Input
★ ★ ★ ★ ★ ★ ★
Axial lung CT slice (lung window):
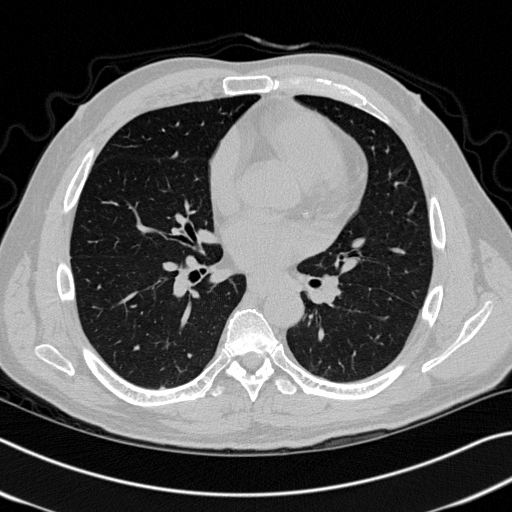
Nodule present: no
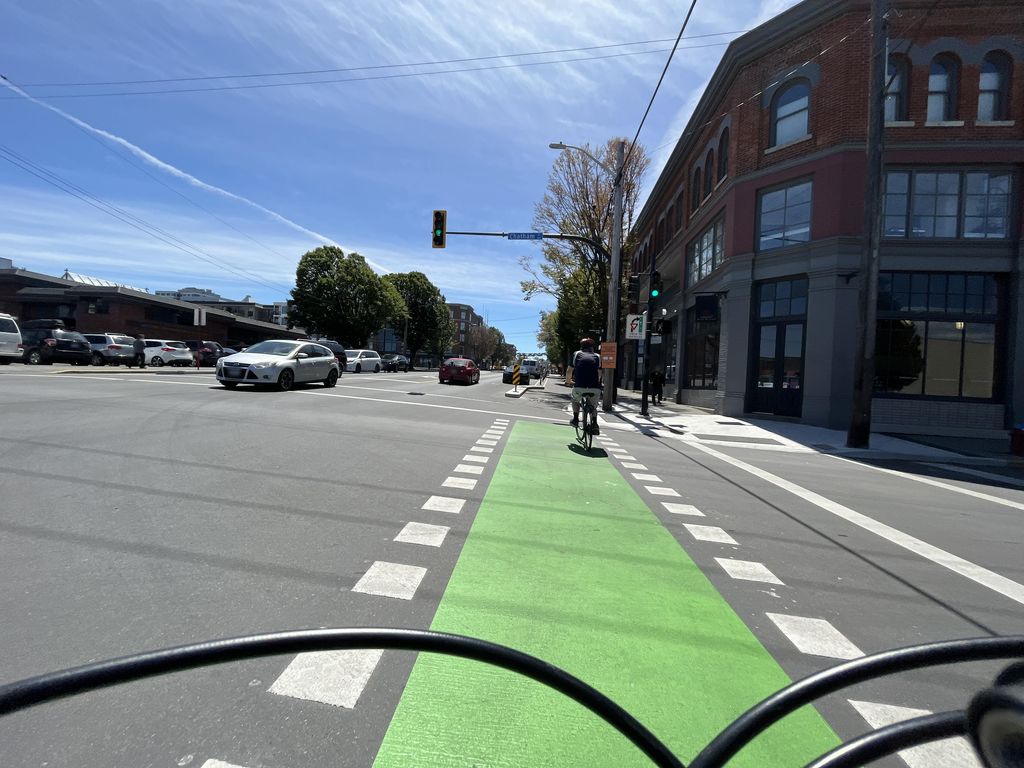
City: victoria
★ ★ ★ ★ ★ ★ ★
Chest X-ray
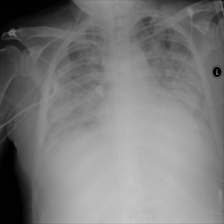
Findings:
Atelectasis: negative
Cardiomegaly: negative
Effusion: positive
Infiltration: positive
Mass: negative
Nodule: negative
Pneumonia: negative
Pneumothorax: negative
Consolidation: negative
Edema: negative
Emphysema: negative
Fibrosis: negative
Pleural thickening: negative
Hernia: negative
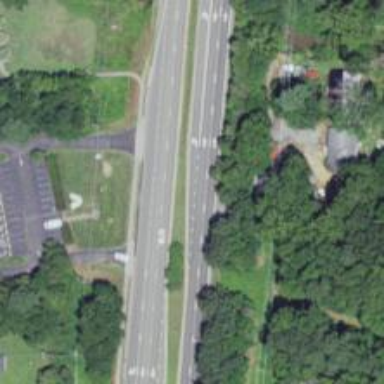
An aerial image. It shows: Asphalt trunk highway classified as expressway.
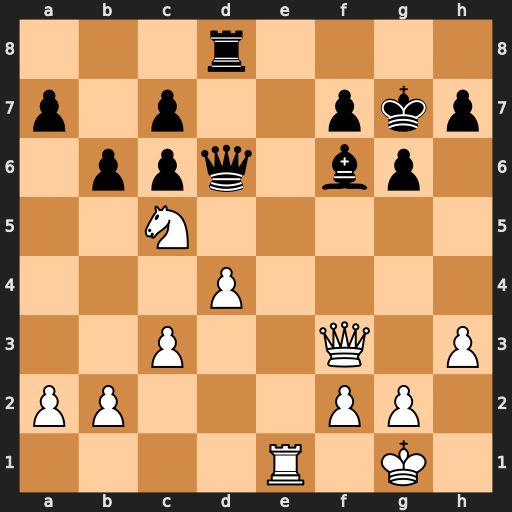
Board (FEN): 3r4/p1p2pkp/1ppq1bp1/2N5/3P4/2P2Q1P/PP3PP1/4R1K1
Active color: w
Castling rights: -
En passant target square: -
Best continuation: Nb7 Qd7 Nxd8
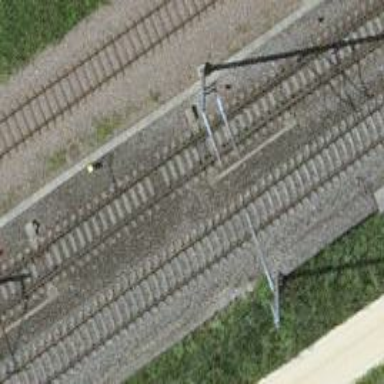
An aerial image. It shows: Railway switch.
★ ★ ★ ★ ★ ★ ★
Task prompt
Scan the material above for the word "image". Copy each line where it occurs.

Result for this task
An aerial image. It shows: Asphalt trunk highway classified as expressway.
An aerial image. It shows: Railway switch.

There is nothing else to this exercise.